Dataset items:
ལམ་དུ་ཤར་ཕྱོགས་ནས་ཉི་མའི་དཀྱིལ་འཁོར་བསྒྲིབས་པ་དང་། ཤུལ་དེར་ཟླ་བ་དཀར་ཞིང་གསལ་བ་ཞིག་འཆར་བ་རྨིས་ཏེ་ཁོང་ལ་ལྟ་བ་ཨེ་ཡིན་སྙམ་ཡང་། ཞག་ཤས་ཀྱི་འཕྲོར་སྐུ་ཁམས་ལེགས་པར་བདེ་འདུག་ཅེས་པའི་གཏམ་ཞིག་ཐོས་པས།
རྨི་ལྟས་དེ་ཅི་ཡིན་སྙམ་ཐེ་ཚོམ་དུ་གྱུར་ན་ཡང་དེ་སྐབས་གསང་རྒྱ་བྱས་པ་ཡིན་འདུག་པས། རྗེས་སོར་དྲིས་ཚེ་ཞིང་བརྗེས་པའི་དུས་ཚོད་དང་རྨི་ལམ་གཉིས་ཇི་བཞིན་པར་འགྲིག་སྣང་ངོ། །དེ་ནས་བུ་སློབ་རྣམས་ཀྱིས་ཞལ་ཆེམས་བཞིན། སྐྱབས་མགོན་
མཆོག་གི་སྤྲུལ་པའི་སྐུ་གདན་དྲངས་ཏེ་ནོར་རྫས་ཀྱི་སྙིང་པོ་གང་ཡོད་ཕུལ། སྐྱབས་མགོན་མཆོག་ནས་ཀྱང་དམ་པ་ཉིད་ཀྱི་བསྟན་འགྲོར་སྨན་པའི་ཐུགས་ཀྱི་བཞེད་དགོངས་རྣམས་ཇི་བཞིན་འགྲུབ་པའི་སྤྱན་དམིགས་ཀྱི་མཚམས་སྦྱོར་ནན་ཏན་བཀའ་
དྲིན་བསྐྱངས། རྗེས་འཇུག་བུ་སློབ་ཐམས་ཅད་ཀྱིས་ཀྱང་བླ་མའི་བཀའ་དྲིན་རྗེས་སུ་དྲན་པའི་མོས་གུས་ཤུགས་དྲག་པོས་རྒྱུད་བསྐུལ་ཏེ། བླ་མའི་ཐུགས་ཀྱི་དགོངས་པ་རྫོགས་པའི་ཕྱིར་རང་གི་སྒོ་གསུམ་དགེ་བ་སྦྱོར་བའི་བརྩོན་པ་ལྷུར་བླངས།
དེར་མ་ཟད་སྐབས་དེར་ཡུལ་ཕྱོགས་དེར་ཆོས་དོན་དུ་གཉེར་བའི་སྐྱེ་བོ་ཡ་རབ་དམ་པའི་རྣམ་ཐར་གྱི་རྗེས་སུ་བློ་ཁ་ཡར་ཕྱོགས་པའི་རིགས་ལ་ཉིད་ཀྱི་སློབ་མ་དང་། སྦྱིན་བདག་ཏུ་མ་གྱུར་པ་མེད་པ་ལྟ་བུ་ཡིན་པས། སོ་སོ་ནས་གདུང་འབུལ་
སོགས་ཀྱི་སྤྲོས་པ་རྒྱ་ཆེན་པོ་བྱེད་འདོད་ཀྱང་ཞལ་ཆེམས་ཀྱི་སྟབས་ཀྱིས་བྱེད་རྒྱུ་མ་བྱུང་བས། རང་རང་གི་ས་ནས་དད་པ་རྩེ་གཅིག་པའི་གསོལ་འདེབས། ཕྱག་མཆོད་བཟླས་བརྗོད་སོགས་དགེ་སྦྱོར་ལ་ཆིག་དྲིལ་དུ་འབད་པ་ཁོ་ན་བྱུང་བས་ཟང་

* * *

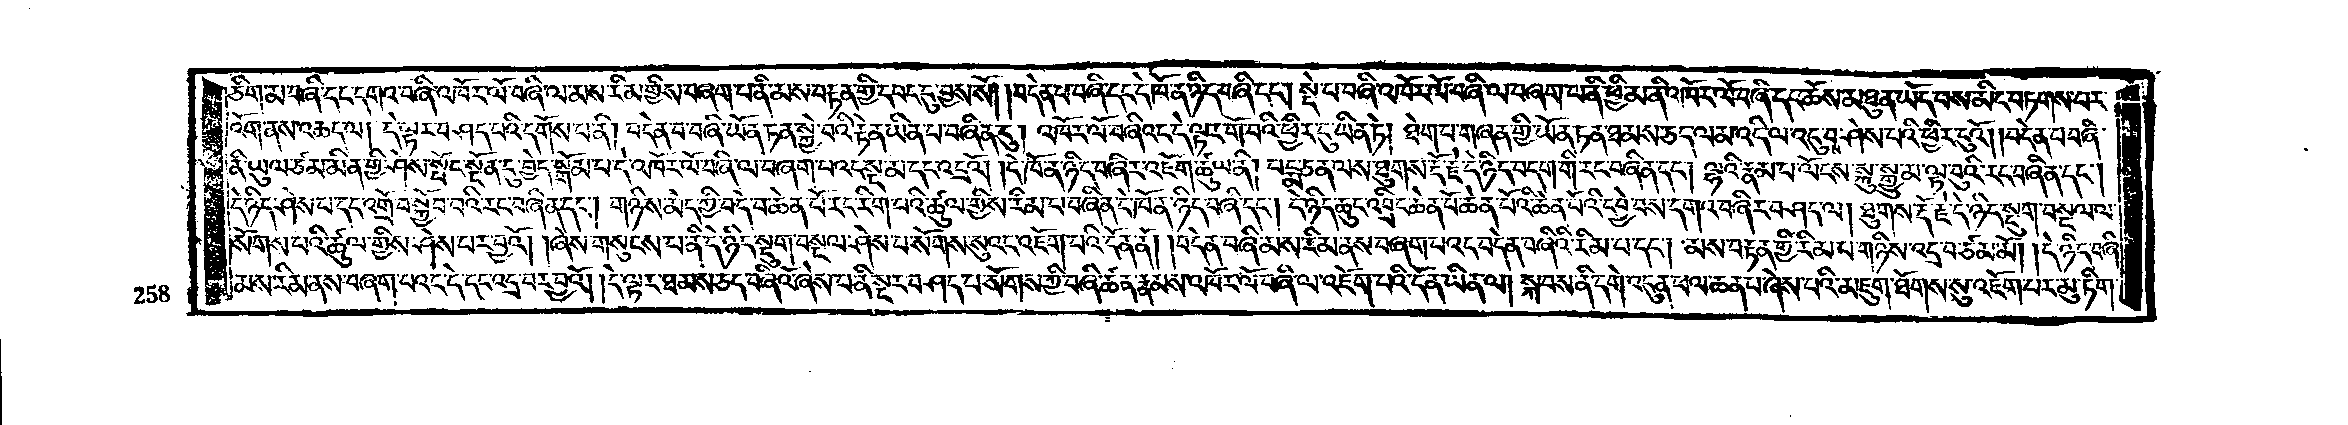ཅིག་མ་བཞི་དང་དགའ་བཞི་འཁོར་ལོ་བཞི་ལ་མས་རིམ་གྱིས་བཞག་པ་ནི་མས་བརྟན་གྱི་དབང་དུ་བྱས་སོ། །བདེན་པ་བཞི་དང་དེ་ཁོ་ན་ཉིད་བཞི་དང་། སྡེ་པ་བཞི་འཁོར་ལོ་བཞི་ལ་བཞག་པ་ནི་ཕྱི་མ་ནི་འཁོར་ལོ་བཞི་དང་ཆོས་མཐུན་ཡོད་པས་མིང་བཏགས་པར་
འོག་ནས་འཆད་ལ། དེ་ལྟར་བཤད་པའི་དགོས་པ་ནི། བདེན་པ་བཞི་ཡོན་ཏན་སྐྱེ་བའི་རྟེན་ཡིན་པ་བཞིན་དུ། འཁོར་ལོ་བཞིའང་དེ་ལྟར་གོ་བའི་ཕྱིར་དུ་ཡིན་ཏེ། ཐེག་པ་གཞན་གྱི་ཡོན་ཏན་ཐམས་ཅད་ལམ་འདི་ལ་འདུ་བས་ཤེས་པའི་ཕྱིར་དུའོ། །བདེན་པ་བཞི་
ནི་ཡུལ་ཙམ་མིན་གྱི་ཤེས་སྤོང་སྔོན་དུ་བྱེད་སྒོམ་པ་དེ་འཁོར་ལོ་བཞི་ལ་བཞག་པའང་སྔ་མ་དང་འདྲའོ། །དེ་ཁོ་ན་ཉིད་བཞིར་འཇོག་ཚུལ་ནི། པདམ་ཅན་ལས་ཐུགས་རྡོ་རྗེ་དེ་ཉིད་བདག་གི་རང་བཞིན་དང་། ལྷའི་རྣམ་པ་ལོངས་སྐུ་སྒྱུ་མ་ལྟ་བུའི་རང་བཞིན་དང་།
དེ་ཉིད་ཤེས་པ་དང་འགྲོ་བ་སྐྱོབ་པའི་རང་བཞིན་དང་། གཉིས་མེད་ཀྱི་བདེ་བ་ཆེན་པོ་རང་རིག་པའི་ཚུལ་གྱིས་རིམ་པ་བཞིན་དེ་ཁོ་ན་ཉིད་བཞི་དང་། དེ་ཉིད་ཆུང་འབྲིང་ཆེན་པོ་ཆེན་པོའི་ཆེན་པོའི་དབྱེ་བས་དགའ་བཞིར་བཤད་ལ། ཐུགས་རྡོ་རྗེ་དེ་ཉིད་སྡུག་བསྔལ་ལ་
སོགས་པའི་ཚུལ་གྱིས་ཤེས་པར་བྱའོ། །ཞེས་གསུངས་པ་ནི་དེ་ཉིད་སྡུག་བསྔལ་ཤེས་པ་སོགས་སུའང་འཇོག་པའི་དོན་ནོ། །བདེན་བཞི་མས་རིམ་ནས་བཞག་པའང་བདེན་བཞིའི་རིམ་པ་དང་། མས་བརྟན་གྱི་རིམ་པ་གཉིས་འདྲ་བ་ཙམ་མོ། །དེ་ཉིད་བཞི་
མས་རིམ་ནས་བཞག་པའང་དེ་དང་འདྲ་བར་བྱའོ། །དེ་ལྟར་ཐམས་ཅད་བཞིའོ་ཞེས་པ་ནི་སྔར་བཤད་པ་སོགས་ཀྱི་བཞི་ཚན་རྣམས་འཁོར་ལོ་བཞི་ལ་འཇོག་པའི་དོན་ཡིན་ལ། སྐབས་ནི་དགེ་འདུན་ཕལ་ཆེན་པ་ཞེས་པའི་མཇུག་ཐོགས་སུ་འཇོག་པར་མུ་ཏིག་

==

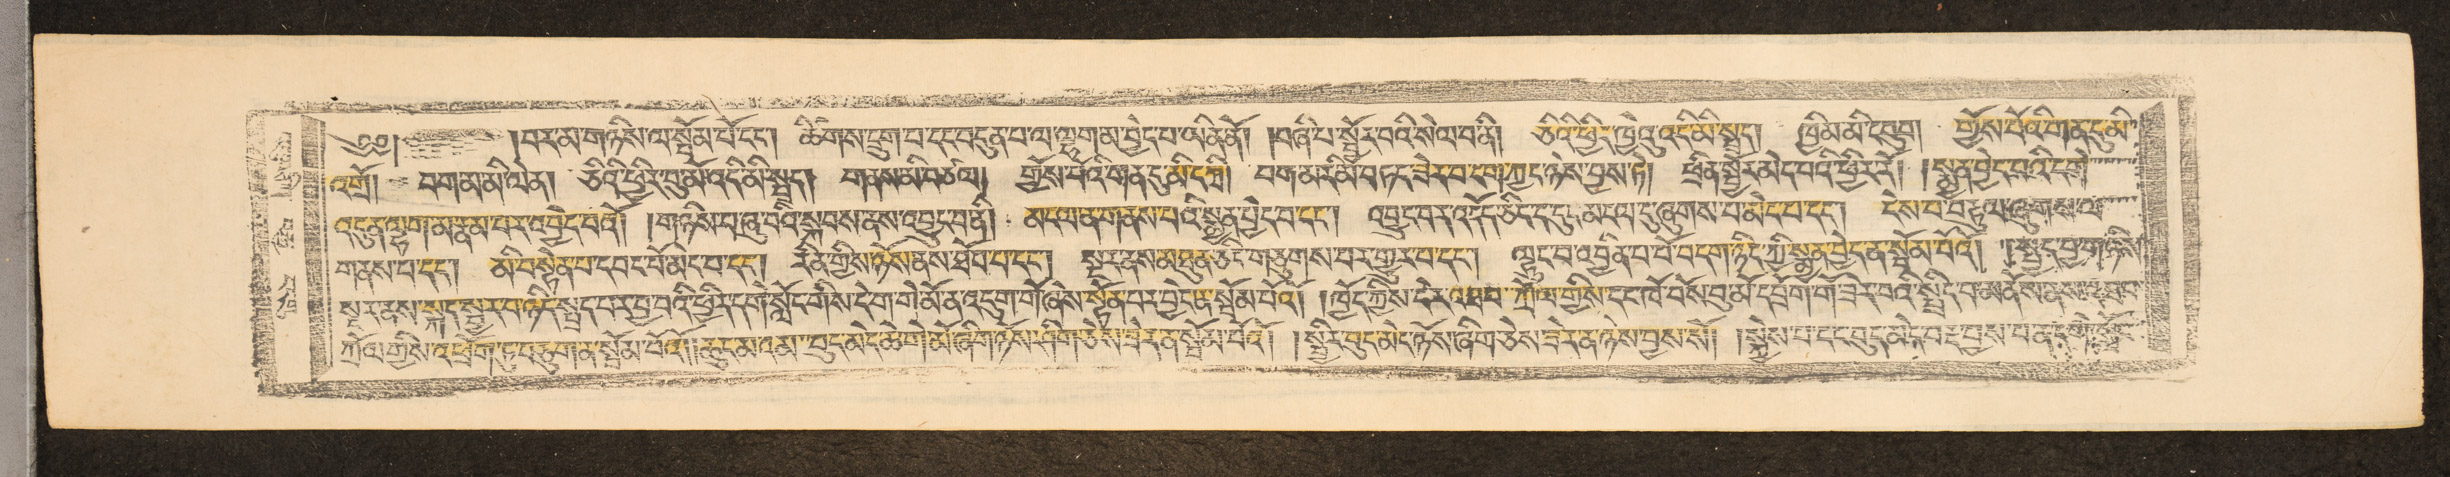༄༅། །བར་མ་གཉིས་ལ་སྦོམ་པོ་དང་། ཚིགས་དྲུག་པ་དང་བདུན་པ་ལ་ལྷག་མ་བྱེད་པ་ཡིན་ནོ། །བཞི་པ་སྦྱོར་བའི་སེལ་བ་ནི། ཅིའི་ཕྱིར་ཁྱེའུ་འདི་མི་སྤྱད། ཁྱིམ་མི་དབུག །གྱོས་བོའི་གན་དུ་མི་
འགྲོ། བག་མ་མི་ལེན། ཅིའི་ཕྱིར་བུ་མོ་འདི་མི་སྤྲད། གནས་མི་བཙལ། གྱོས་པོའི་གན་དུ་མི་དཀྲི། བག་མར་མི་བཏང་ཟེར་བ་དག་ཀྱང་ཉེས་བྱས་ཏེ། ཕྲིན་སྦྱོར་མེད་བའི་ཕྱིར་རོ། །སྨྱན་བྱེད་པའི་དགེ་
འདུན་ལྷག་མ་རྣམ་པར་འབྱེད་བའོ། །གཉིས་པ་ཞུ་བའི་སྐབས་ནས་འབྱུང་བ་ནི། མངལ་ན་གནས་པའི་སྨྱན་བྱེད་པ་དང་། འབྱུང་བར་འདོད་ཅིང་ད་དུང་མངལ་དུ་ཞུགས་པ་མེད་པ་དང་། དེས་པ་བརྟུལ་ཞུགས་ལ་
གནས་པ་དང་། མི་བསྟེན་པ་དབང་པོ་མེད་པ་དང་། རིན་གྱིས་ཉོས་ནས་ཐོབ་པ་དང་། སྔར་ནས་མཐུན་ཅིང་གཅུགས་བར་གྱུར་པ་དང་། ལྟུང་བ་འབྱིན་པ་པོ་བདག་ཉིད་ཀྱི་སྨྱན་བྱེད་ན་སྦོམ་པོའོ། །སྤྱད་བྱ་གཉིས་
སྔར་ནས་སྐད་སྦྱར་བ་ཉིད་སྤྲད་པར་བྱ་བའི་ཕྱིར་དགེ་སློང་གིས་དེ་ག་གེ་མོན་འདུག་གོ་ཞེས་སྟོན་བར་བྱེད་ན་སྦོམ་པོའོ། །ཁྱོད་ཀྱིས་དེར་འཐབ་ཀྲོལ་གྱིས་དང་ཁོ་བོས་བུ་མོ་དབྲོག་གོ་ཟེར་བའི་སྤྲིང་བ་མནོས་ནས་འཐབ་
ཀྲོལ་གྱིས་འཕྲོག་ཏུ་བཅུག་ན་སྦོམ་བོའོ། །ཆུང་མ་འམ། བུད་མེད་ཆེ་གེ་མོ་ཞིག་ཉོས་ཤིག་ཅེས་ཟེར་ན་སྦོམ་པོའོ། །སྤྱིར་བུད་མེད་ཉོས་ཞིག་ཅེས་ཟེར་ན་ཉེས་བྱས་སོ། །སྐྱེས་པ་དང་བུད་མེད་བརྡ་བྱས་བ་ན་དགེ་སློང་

▶ [What the task asks]
Once you find the line with "འགྲོ། བག་མ་མི་ལེན། ཅིའི་ཕྱིར་བུ་མོ་འདི་མི་སྤྲད།" above, print it and every line after it up to and including the line with "སྔར་ནས་སྐད་སྦྱ", exactly as written and nothing else.

▶ [Response to the task]
འགྲོ། བག་མ་མི་ལེན། ཅིའི་ཕྱིར་བུ་མོ་འདི་མི་སྤྲད། གནས་མི་བཙལ། གྱོས་པོའི་གན་དུ་མི་དཀྲི། བག་མར་མི་བཏང་ཟེར་བ་དག་ཀྱང་ཉེས་བྱས་ཏེ། ཕྲིན་སྦྱོར་མེད་བའི་ཕྱིར་རོ། །སྨྱན་བྱེད་པའི་དགེ་
འདུན་ལྷག་མ་རྣམ་པར་འབྱེད་བའོ། །གཉིས་པ་ཞུ་བའི་སྐབས་ནས་འབྱུང་བ་ནི། མངལ་ན་གནས་པའི་སྨྱན་བྱེད་པ་དང་། འབྱུང་བར་འདོད་ཅིང་ད་དུང་མངལ་དུ་ཞུགས་པ་མེད་པ་དང་། དེས་པ་བརྟུལ་ཞུགས་ལ་
གནས་པ་དང་། མི་བསྟེན་པ་དབང་པོ་མེད་པ་དང་། རིན་གྱིས་ཉོས་ནས་ཐོབ་པ་དང་། སྔར་ནས་མཐུན་ཅིང་གཅུགས་བར་གྱུར་པ་དང་། ལྟུང་བ་འབྱིན་པ་པོ་བདག་ཉིད་ཀྱི་སྨྱན་བྱེད་ན་སྦོམ་པོའོ། །སྤྱད་བྱ་གཉིས་
སྔར་ནས་སྐད་སྦྱར་བ་ཉིད་སྤྲད་པར་བྱ་བའི་ཕྱིར་དགེ་སློང་གིས་དེ་ག་གེ་མོན་འདུག་གོ་ཞེས་སྟོན་བར་བྱེད་ན་སྦོམ་པོའོ། །ཁྱོད་ཀྱིས་དེར་འཐབ་ཀྲོལ་གྱིས་དང་ཁོ་བོས་བུ་མོ་དབྲོག་གོ་ཟེར་བའི་སྤྲིང་བ་མནོས་ནས་འཐབ་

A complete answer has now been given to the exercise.